Muffled Screams and Broken Dreams: The Great Corporate Time-Heist — The Aworkening

Is your time being taken by your corporate overlords? Perhaps. Come on a walkabout with us as we explore in this multi-part series.

Muffled Screams and Broken Dreams: The Great Corporate Time-Heist — The Aworkening
Time keeps on slippin’, slippin’, slippin’ — Some drunk dudes

Welcome to the first article of our multi-part series affectionately titled Muffled Screams and Broken Dreams: The Great Corporate Time-Heist

For convenience, here’s the whole list:

1. Intro: The Aworkening <- You are here
2. Part 2: Reconnoitering and Shit
3. Part 3: Survival — MVP+1
4. Part 4: Evasion — Counter-Strategy Strategy
5. Part 5: Resistance — Spite of a Warrior
6. Part 6: Escape — Fleeing the Scene

Part 1: The Aworkening

Before we get started, we’ve got two declarations to make:

  1. Our opinions are our own and do not reflect the opinions of anyone else. Ever. Shit, it may not even be our opinion. We could just be talking out of our collective asses.
  2. If at any point, you think that we’re talking specifically about you during this article series and you’re super pissed off about it, we’re not. Everyone we use and the situations therein are purely fictional. That being said, if this does hit super close to home, know you have our sympathy.
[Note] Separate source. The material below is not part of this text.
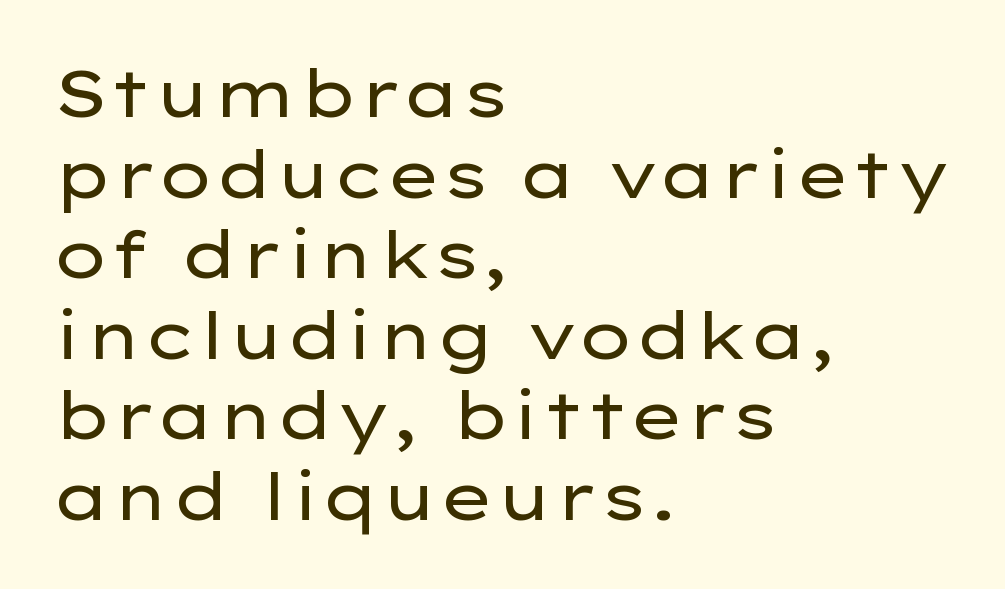
Clear beneath every line of the passage. Heaviness? Minimal to ordinary, like unemphasized prose. Characters remain perfectly vertical along every line. Nope, no serifs anywhere on these letters. Words appear dense and cohesive because spacing is normal.
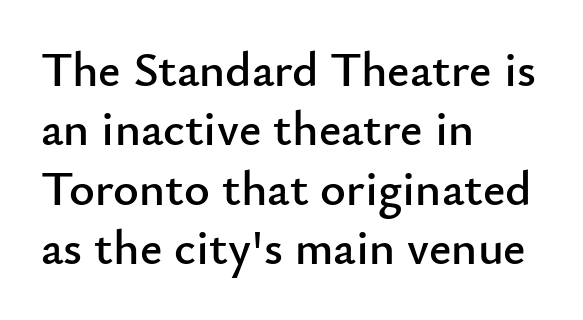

So, now you know what follows is probably going to piss a few people off.

Who are we?

You can see the full blurb at minimallyuseful.com/who-we-are.

We’re kinda like the kids making the racket playing in the cul-de-sac. An onlooking curmudgeon finger-fucks his blinds, peering out at said children from the safety of his poorly lit split-level, saying something along the lines of “what are those noisy little shits up to? And where did they get power tools? OH GOD THEY HAVE POWER TOOLS. WHAT ARE THEY DOING? IS THAT MY LAWNMOWER?” Short version: we’re always up to something and we fancy ourselves scientists with a chaotic-good alignment. A big focus of ours, for the time being, is finding ways to do less and get more (or get the same). So, we asked ourselves, what is something where we’re encouraged to work harder, better, smarter, etc… where we kinda get the raw end of the deal. Work. Specifically, corporate work (since it’s all we at MUI really know). Sorry firefighters, nurses, teachers and others with meaningful and rewarding jobs. This is just for the corporate folk. You’re still welcome to read if you want, but this guide is specifically tooled for our brothers and sisters stuck in the purgatory wasteland that is the corporate world.

We didn’t want to be total dickheads and ask you to read all this shit without giving you anything.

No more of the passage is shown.